* EXERCISE DETAILS *
Reproduce exactly the lines of the material beneath, from the line that contains "The image shows 43" to the line that contains "The image shows 76", both included, and no other lines.
*** DATASET CONTENT ***
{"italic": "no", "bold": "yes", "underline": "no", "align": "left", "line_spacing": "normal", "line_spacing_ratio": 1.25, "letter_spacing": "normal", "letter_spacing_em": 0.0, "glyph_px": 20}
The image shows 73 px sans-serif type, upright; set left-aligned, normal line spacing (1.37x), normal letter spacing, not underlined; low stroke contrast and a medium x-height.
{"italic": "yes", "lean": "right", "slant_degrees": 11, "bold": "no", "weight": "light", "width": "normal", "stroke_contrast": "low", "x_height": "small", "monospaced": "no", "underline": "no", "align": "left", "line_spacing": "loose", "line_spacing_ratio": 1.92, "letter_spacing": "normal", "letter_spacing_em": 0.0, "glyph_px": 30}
*** End of DATASET CONTENT ***
*** DATASET CONTENT ***
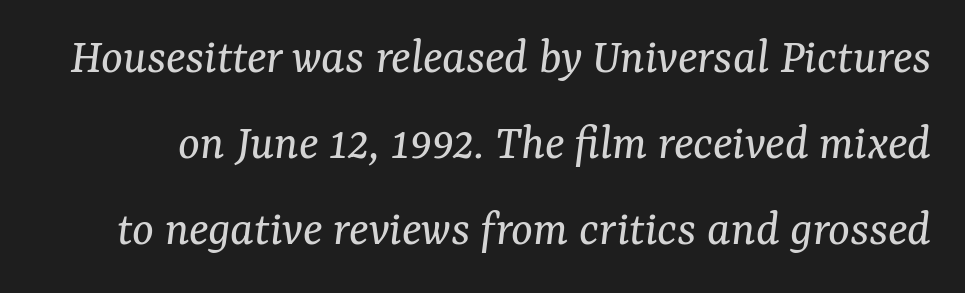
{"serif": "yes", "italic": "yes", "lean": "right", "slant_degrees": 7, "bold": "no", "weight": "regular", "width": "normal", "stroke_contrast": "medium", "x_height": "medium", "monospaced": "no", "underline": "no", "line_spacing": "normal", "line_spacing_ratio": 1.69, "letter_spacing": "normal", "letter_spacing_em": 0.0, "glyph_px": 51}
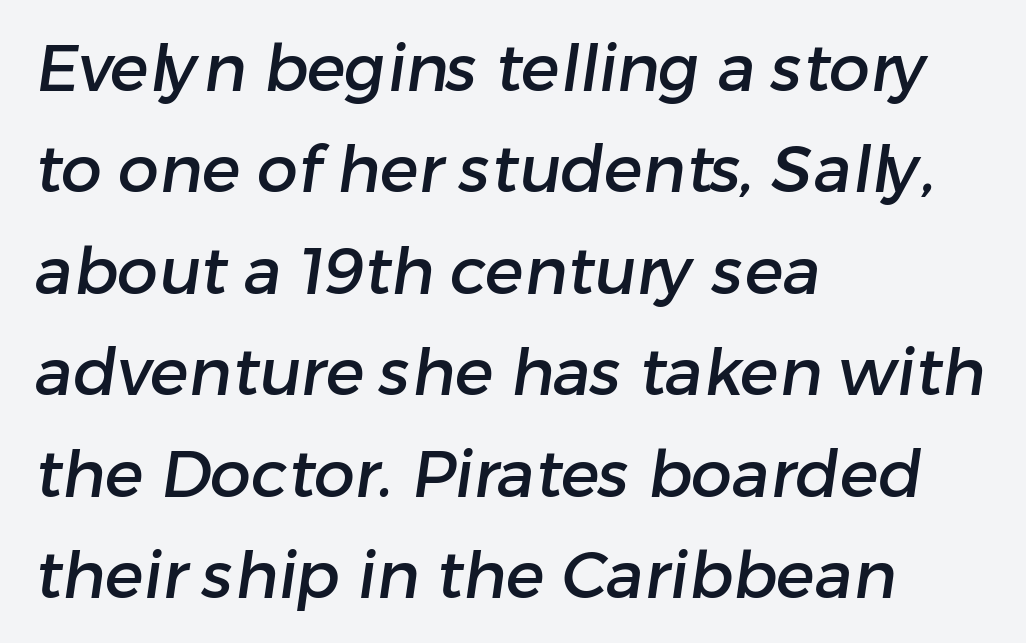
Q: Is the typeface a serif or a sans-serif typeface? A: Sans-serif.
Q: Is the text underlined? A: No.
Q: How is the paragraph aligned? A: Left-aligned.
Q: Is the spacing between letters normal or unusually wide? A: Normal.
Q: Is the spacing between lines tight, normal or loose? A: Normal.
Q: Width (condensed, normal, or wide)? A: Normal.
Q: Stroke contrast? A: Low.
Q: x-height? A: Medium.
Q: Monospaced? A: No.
*** End of DATASET CONTENT ***
*** DATASET CONTENT ***
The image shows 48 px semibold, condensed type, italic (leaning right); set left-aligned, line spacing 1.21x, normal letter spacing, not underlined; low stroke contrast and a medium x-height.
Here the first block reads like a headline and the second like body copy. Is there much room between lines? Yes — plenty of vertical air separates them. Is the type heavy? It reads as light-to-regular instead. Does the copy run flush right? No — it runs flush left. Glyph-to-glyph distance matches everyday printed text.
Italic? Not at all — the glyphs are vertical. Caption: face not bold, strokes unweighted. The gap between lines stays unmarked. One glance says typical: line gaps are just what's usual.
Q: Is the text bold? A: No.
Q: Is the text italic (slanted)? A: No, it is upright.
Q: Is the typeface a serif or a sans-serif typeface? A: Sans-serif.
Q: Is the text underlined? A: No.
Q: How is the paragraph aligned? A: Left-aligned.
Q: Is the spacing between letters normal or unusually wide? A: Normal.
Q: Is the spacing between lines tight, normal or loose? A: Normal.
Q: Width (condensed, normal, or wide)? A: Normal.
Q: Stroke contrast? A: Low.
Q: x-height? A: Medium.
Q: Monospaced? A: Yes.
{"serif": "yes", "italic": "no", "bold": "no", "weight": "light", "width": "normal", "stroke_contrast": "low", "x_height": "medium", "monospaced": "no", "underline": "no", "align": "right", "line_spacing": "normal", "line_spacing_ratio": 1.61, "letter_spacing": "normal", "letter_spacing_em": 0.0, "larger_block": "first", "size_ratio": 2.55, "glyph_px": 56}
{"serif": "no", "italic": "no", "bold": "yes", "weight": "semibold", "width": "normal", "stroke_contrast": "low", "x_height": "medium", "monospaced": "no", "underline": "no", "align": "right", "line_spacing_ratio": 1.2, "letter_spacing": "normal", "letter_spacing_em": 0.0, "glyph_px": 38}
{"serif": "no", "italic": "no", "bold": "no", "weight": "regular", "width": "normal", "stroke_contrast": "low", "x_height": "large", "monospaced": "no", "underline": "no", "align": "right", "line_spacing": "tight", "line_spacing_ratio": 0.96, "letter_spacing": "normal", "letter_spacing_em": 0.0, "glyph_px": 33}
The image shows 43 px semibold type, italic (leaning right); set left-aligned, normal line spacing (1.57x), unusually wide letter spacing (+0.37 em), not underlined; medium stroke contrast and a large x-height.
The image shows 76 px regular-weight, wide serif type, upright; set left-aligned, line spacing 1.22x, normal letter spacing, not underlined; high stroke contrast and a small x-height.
*** End of DATASET CONTENT ***
* EXERCISE ANSWER *
The image shows 43 px semibold type, italic (leaning right); set left-aligned, normal line spacing (1.57x), unusually wide letter spacing (+0.37 em), not underlined; medium stroke contrast and a large x-height.
The image shows 76 px regular-weight, wide serif type, upright; set left-aligned, line spacing 1.22x, normal letter spacing, not underlined; high stroke contrast and a small x-height.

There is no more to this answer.